The Enigma of methane

The methane mystery started soon after December 2003, when ESA’s Mars Express arrived in orbit around the red planet. As the Planetary Fourier Spectrometer (PFS) began taking data, Vittorio Formisano, Istituto di Fisica dello Spazio Interplanetario CNR, Rome, and the rest of the instrument team saw a puzzling signal. As well as the atmospheric gases they were anticipating, such as carbon monoxide and water vapour, they also saw methane.

On Earth much of the methane in our atmosphere is released by evolved life forms, such as cattle digesting food. While there are ways to produce methane without life, such as by volcanic activity, it is the possible biological route that has focused attention on the discovery.

The discovery of methane means that either there is life on Mars, or that volcanic activity continues to generate heat below the martian surface. ESA plans to find out which it is. Either outcome is big news for a planet once thought to be biologically and geologically inactive.

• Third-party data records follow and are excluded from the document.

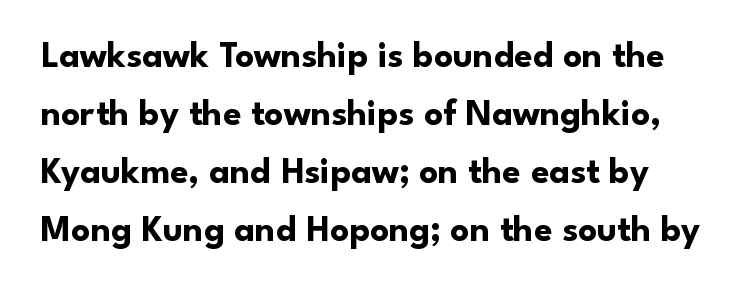
The image shows 37 px bold sans-serif type, upright; set normal line spacing (1.57x), normal letter spacing, not underlined; low stroke contrast and a small x-height.
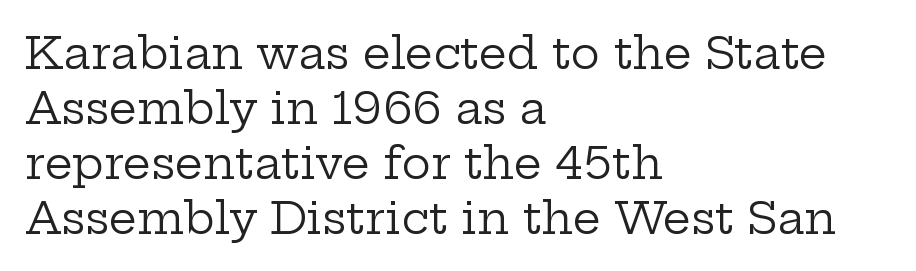
The image shows 44 px regular-weight, wide serif type, upright; set left-aligned, normal line spacing (1.25x), normal letter spacing, not underlined; low stroke contrast and a medium x-height.
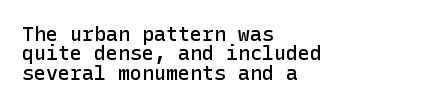
Q: Is the text bold? A: Semi-bold.
Q: Is the text italic (slanted)? A: No, it is upright.
Q: Is the text underlined? A: No.
Q: How is the paragraph aligned? A: Left-aligned.
Q: Is the spacing between letters normal or unusually wide? A: Normal.
Q: Is the spacing between lines tight, normal or loose? A: Tight.
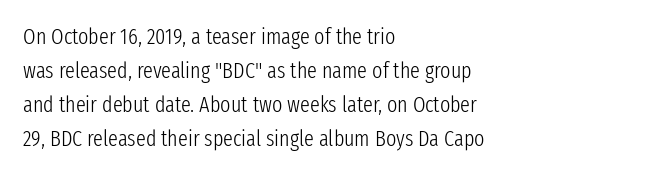
These lines stack with their left ends in a neat column. Any mark beneath the type? The region is blank. Short note: letters normally spaced. The type sits square on the baseline with zero lean.

The Mars Express detection of methane is not an isolated case. While the spacecraft was en route, two independent teams of astronomers using ground-based telescopes started to see traces of methane. After five years of intensive study, the suite of observations all confirmed the discovery and presented planetary scientists with a big puzzle.

The 2016 ExoMars Trace Gas Orbiter is the first in a series of Mars missions to be undertaken jointly by the two space agencies, ESA and Roscosmos. A key goal of this mission is to gain a better understanding of methane and other atmospheric gases that are present in small concentrations (less than 1% of the atmosphere) but nevertheless could be evidence for possible biological or geological activity.